By Allen Eraut
Santa may moonlight as an insurance defense attorney during the off-season. Over a cup of eggnog, Santa shared his Naughty & Nice List for 2018…
Naughty: Damages cap. Oregon had two significant damages cap decisions this year: Vasquez v. Double Press Mfg., Inc and Rains v. Stayton Builders Mart. Vasquez found the $500,000 noneconomic damages cap under Oregon Revised Statutes 31.710(1) to violate Article I, Section 10 of the Oregon Constitution on an as-applied basis, as it would have reduced plaintiff’s recovery from $6,199,090 to $1,838,090. Rains found the damages cap unconstitutional as applied as well, where the jury awarded $3.1 million in noneconomic damages. The court of appeals also ruled for the first time that spousal loss of consortium claims are protected by the remedy clause of the Oregon Constitution, finding a reduction from $759,000 to $500,000 to be unconstitutional.

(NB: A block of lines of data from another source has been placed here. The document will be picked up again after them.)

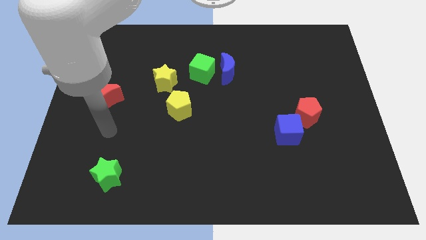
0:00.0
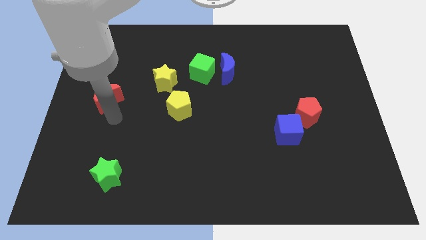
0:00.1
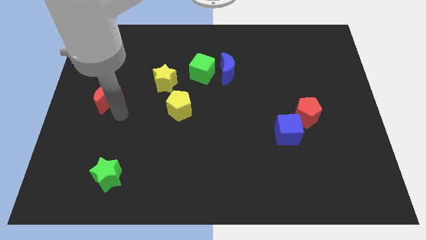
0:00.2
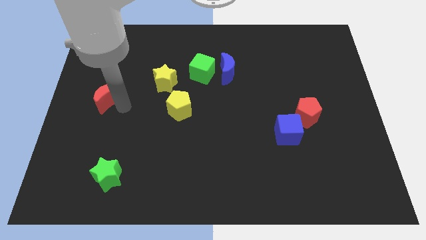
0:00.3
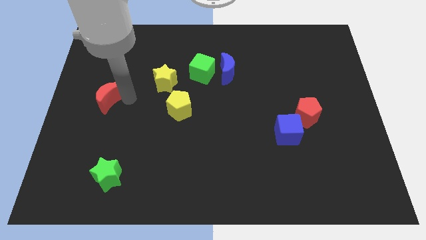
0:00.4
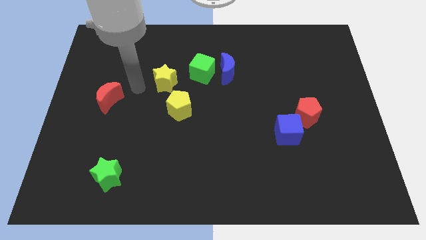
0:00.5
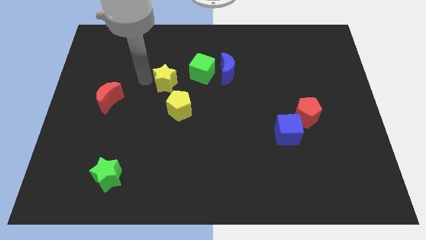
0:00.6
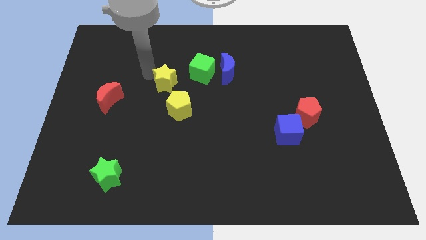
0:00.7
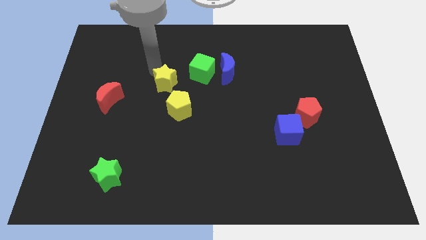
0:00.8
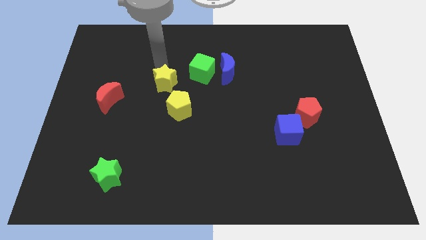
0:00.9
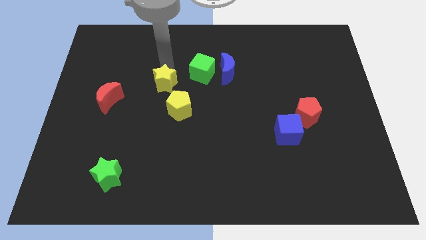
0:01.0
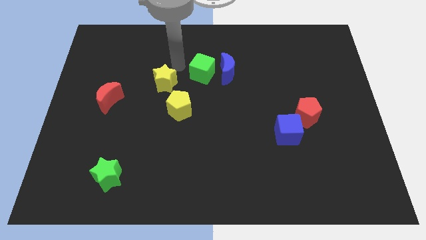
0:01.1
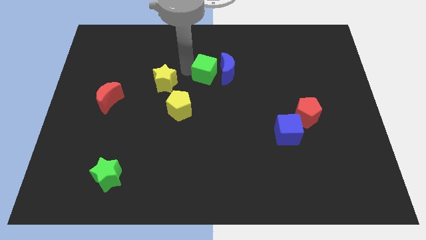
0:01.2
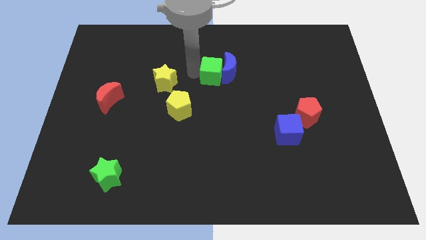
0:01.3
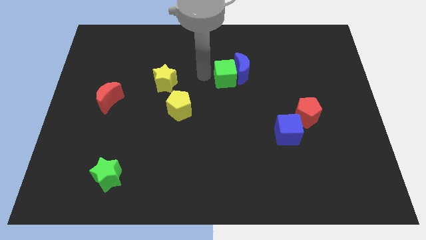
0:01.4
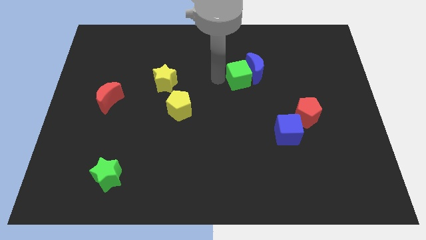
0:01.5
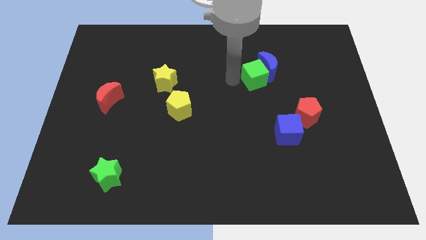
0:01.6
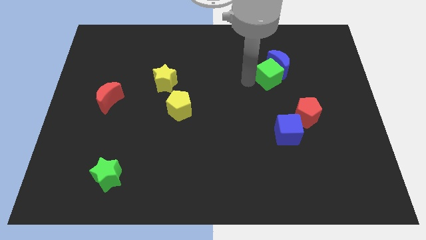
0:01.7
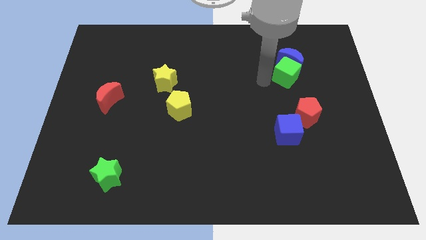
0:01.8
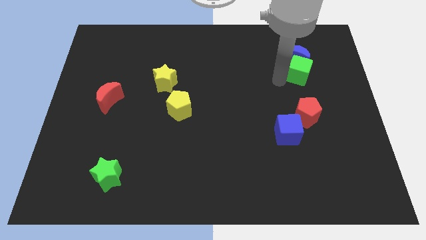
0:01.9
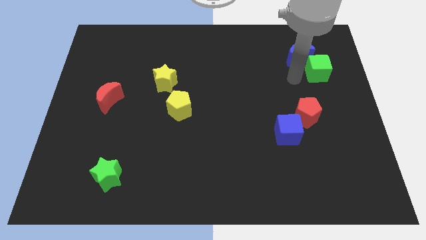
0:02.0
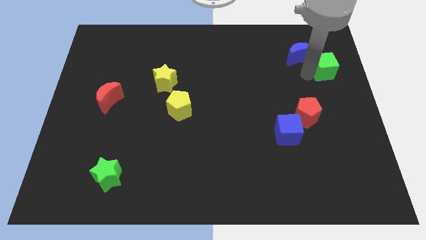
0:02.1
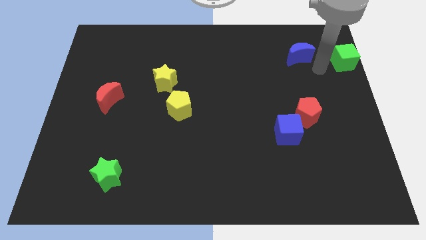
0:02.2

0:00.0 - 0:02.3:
separate the blue moon from the green cube

Nice (mostly): Asbestos verdicts. Overall, it was a good year for asbestos verdicts in the Northwest, with two defense verdicts (Patrick Jack and Judd Metzger) and two plaintiff verdicts (Andrew Miller -- $1.1 million and James Clevenger -- $1 million). The Andrew Miller case verdict resulted in a net $0 judgment, as the verdict award was less than the setoffs.

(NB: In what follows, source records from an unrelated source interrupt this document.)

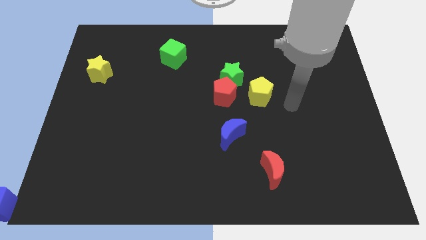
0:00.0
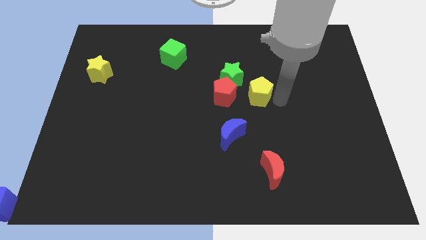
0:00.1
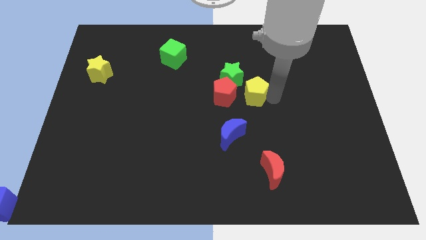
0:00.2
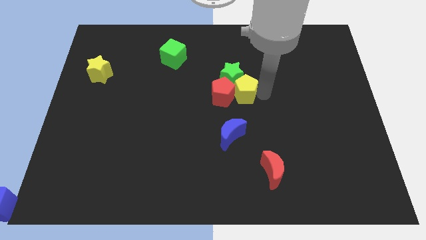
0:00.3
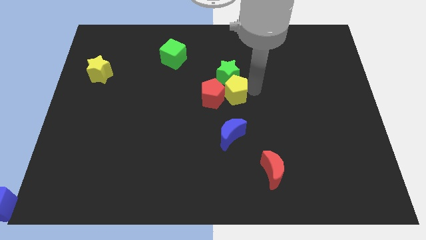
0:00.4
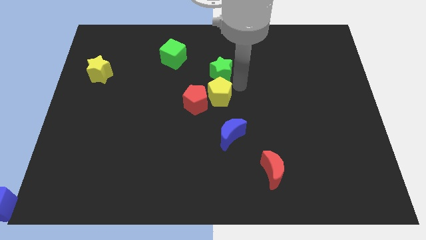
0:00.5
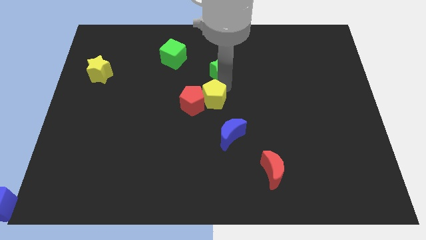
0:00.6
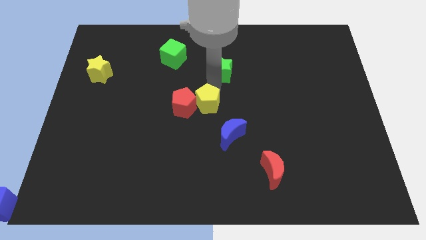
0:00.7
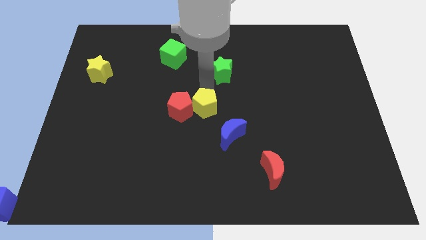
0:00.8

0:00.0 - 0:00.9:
pull the red pentagon apart from the green star and yellow pentagon

Naughty: Oregon physician-patient privilege. In Hodges v. Oak Tree Realtors, Inc., the Oregon Supreme Court held that – even after a plaintiff has filed a personal injury lawsuit – any and all communications between the plaintiff and his or her doctor remain shielded from discovery. Therefore, Oregon’s rule continues to run counter to most states, which generally allow discovery into patient-physician communications after the filing of a personal injury lawsuit.
Nice: No claim for bad faith claim processing in Oregon. In Bates v. Bankers Life, the Oregon Supreme Court ruled that a plaintiff does not state a claim under Oregon Revised Statutes 124.110(1)(b) for wrongful withholding of money or property where an insurance company allegedly in bad faith delayed the processing of claims and refused to pay benefits.
Naughty: Washington bad faith. In Singh v. Zurich Am. Ins. Co., Division 1 of the Washington Court of Appeals clarified an insurer’s defense duties in cases involving multiple claimants that likely would exhaust policy limits. It held that if an insurance carrier has reason to believe that payment of a policy-limits settlement to one claimant would leave the insured exposed to defense costs for other claims, the carrier should explore potential methods to leave some amount of policy limits in reserve in order to preserve the defense duty. Failure to do so could result in bad faith damages.
Nice: “Each and every fiber” evidence. In Barabin v. Scapa Dryer Fabrics, a federal trial court in the Western District of Washington rejected the “each and every exposure” and “cumulative exposure” causation theories often relied on by asbestos plaintiffs. The court’s decision is detailed and provides a good road map to exclude this type of evidence.